NEW YORK - Benchmark U.S. Treasury yields fell to five-week lows on Wednesday and inversions in key parts of the yield curve deepened ahead of the Federal Reserve's release of minutes from its June 14-15 meeting.

The U.S. central bank hiked rates by 75 basis points last month, its largest interest rate increase in more than a quarter of a century, following data that showed inflation rising faster than expected.

Yields soared in the run-up to the meeting as investors prepared for an aggressive rate hike, before dropping sharply as markets adjusted for the prospect of an economic downturn as a result of the Fed’s monetary tightening.

“The macro narrative has shifted from inflation to growth and it’s very topical that there’s the risk of a recession in the next 12 months,” said Ian Lyngen, head of U.S. rates strategy at BMO Capital Markets in New York.

Investors will be looking for clues on the size of further rate hikes and what might make the Fed pare back its hawkish policy. That said, a sharp drop in oil and commodity prices since the meeting have likely made any insights in the minutes out of date, said Lyngen, noting that “two weeks in a market like this can be a lifetime.”

Investors have pared back expectations on how high the U.S. central bank will raise its benchmark rate as concerns about an economic downturn increase.

Fed funds futures traders are pricing for the Fed’s benchmark rate to peak at 3.25% in February, down from expectations before the June meeting that it would increase to around 4% by May.
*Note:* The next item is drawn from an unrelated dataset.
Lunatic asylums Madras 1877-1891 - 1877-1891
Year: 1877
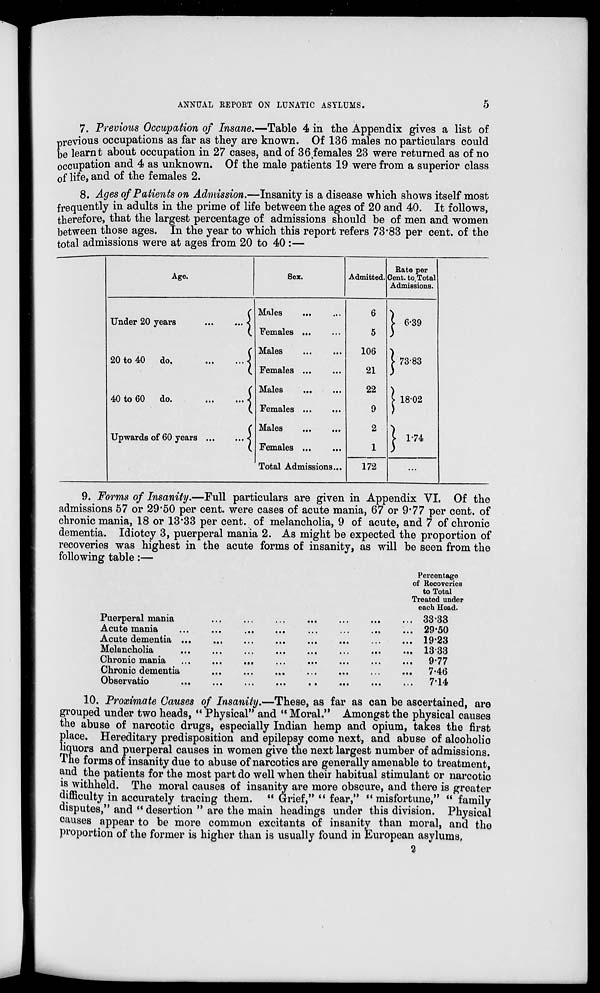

It is currently 1.58%. The two-year, 10-year part of the Treasury yield curve reached minus 4 basis points, after inverting on Tuesday for the first time in three weeks, a move that is seen as a reliable indicator that a recession will follow in one-to-two years.

The two-year, five-year part of the curve also reached minus 3 basis points, after inverting on Tuesday for the first time since Feb. 2020. Benchmark 10-year yields were last at 2.769%, the lowest since May 27. They have fallen from 3.498% on June 14, the highest since April 2011. The 10-year yields have closed a gap from late May, when yields began to spike. A drop below the 2.70% area, just below May’s low of 2.706%, could open the door to further declines to the 2.50% area, Lyngen said.

Two-year Treasury yields were at 2.792% and are down from 3.456% on June 14, which was the highest since November 2007. Inflation expectations also dropped, with breakeven rates on five-year Treasury Inflation-Protected Securities (TIPS), a measure of expected annual inflation for the next five years, last at 2.49%, the lowest since Nov. 2021.

 The next major U.S. economic release will be Friday’s jobs report for June. Economists polled by Reuters expect employers to have added 268,000 jobs during the month.